------ RECORDS FOR THE TASK ------

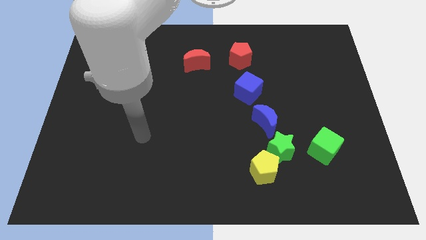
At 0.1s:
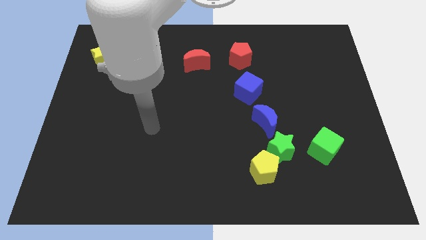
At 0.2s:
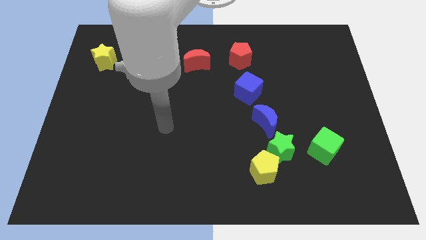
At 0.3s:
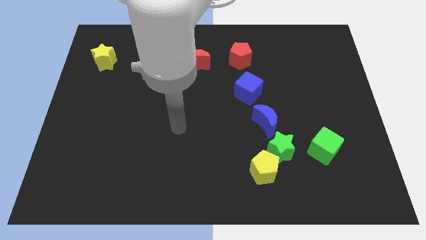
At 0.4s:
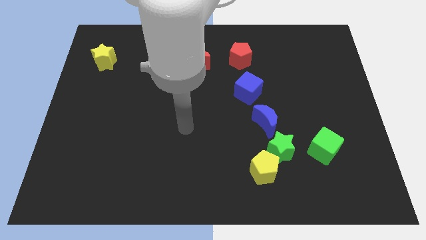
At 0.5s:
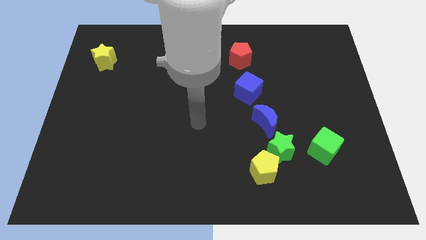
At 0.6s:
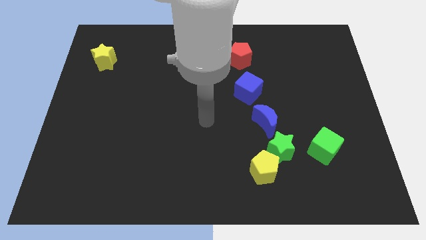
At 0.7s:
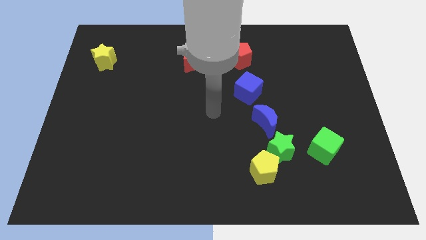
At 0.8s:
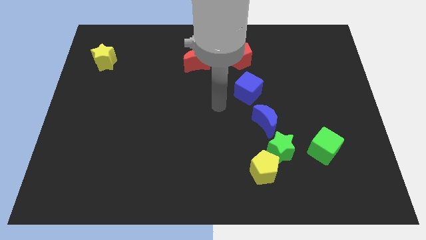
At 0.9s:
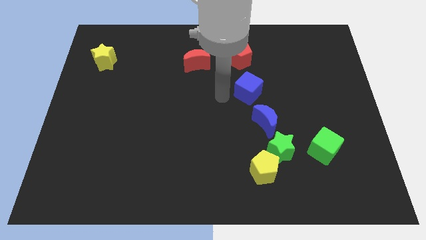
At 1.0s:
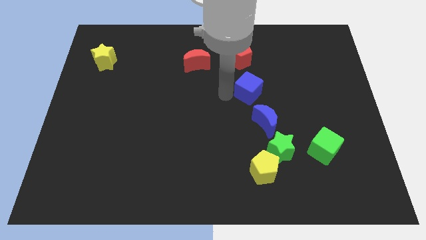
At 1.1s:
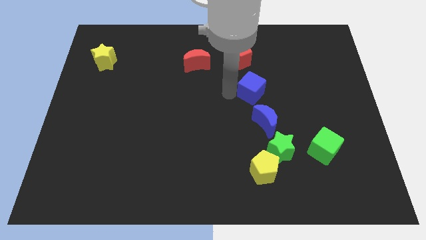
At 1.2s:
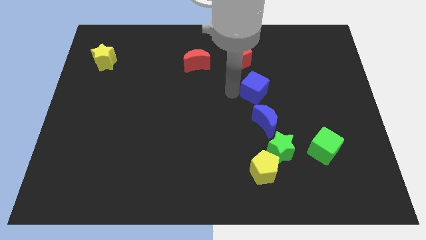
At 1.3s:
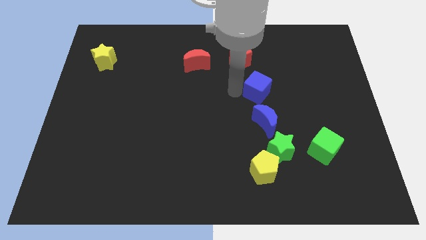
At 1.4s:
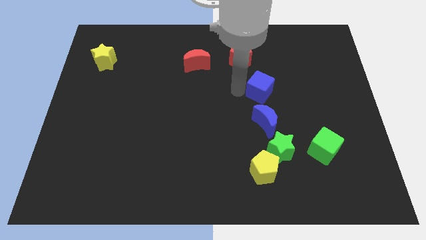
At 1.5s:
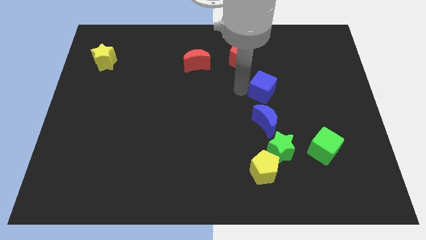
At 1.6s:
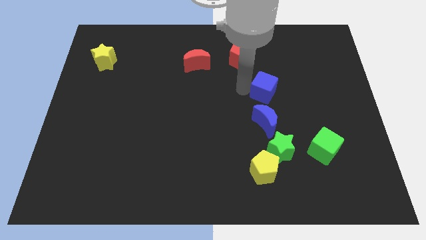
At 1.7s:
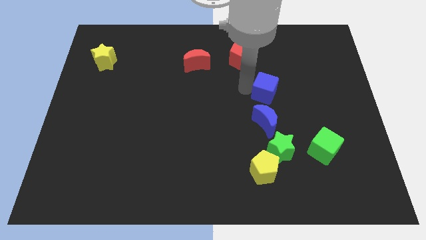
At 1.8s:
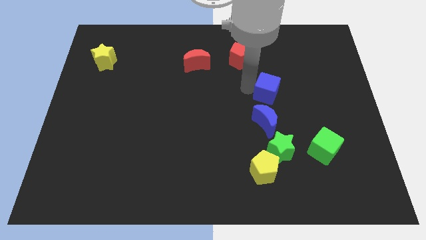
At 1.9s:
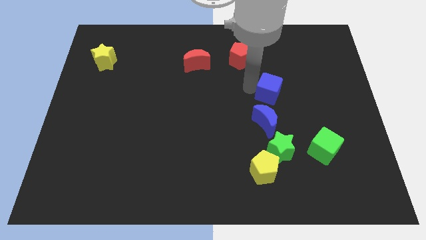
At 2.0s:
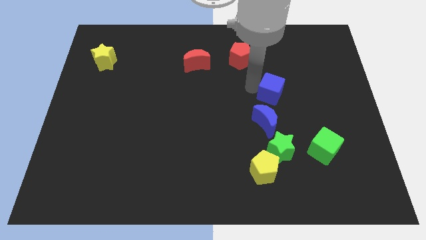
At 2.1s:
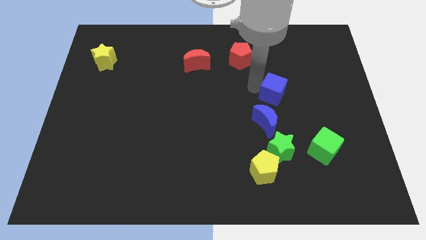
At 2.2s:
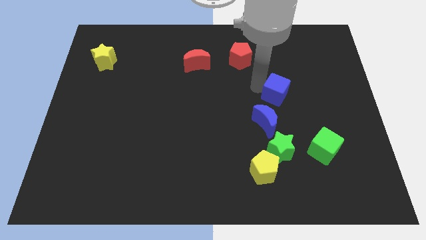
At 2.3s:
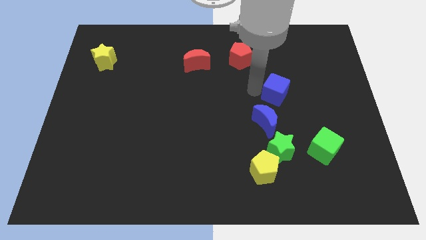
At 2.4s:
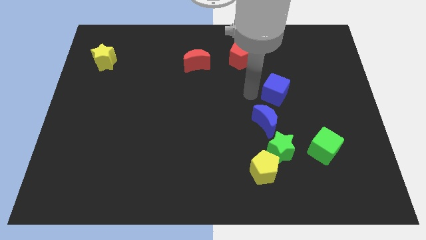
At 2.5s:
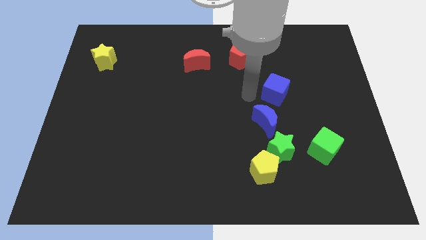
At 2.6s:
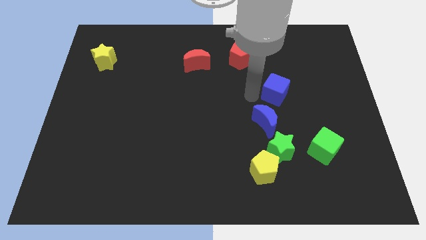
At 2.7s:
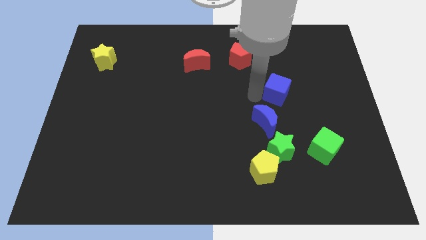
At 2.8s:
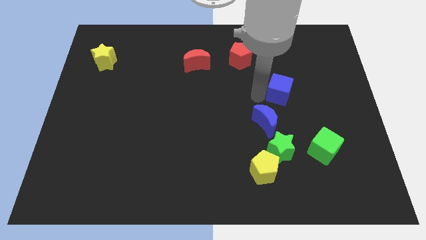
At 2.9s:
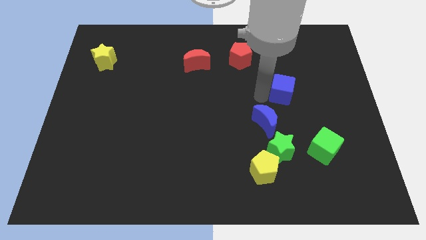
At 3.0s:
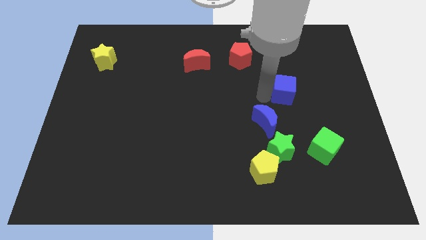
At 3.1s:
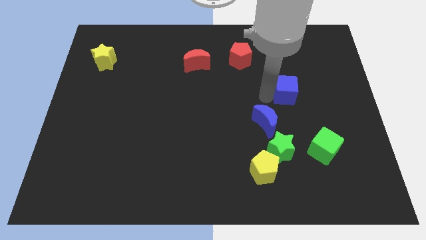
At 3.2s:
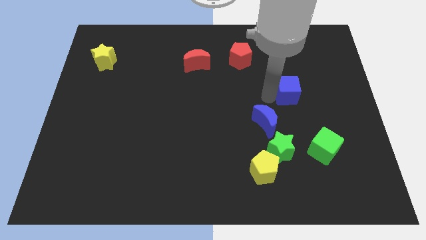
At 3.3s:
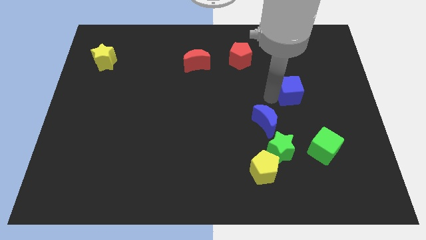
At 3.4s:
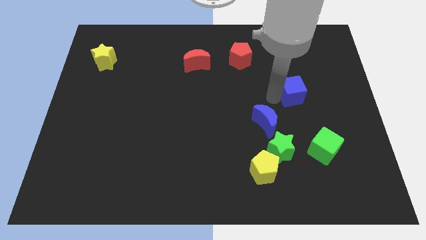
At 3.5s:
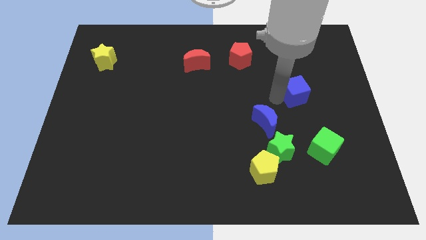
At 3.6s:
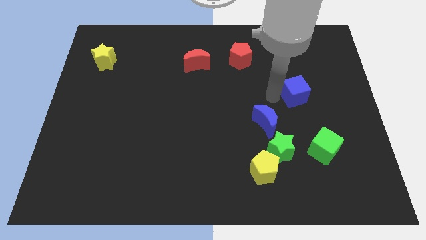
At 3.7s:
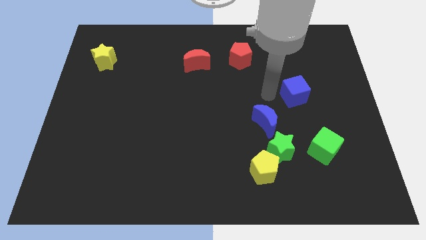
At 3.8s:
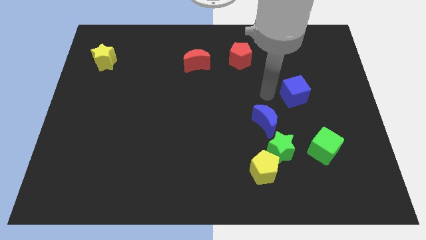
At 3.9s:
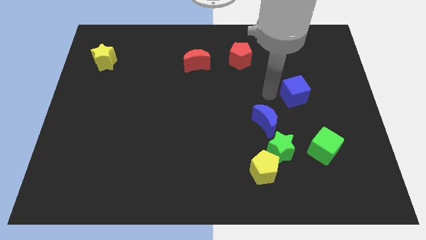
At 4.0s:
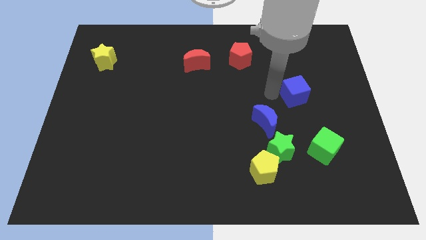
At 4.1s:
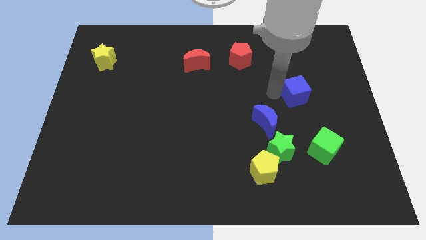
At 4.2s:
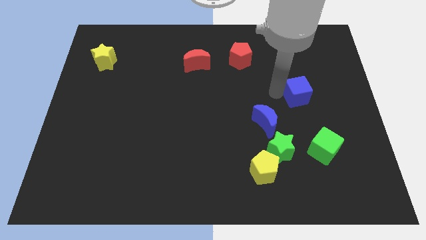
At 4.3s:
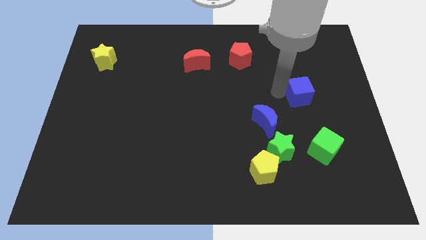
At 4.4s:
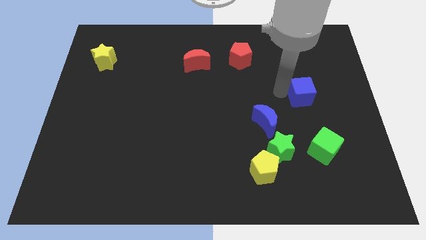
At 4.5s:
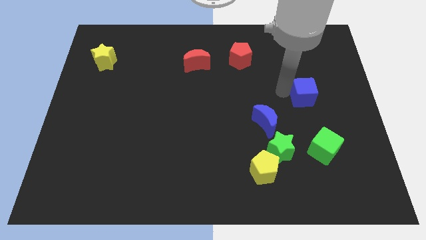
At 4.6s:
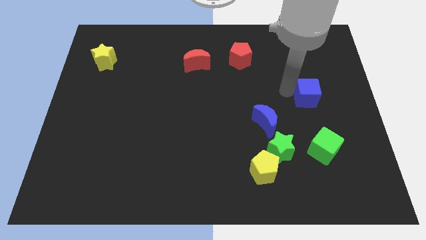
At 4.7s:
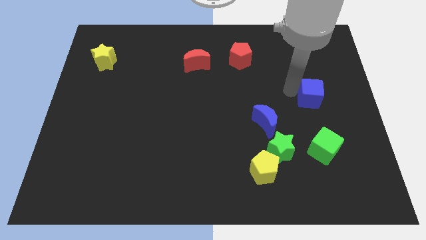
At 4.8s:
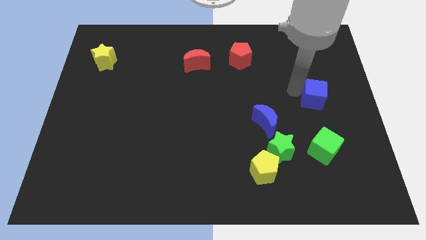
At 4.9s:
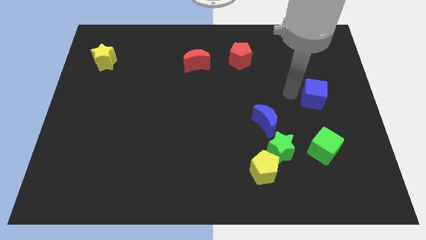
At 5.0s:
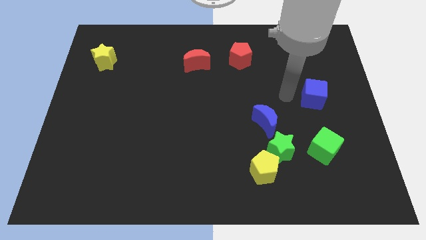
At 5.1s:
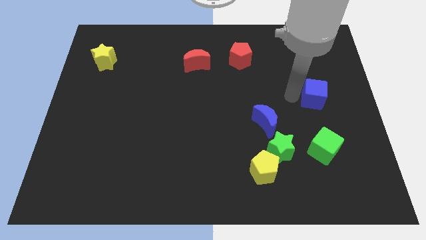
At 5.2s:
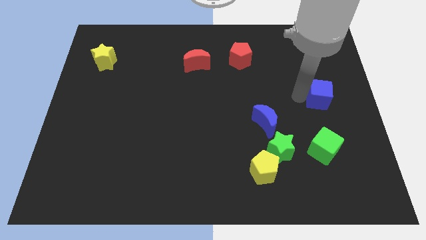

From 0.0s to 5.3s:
put the blue cube to the right side of the board

------

» **WORK TASK**
Would you write out the data exactly, with no pictures in the copy?

» **ANSWER BELOW**
At 0.1s:
At 0.2s:
At 0.3s:
At 0.4s:
At 0.5s:
At 0.6s:
At 0.7s:
At 0.8s:
At 0.9s:
At 1.0s:
At 1.1s:
At 1.2s:
At 1.3s:
At 1.4s:
At 1.5s:
At 1.6s:
At 1.7s:
At 1.8s:
At 1.9s:
At 2.0s:
At 2.1s:
At 2.2s:
At 2.3s:
At 2.4s:
At 2.5s:
At 2.6s:
At 2.7s:
At 2.8s:
At 2.9s:
At 3.0s:
At 3.1s:
At 3.2s:
At 3.3s:
At 3.4s:
At 3.5s:
At 3.6s:
At 3.7s:
At 3.8s:
At 3.9s:
At 4.0s:
At 4.1s:
At 4.2s:
At 4.3s:
At 4.4s:
At 4.5s:
At 4.6s:
At 4.7s:
At 4.8s:
At 4.9s:
At 5.0s:
At 5.1s:
At 5.2s:

From 0.0s to 5.3s:
put the blue cube to the right side of the board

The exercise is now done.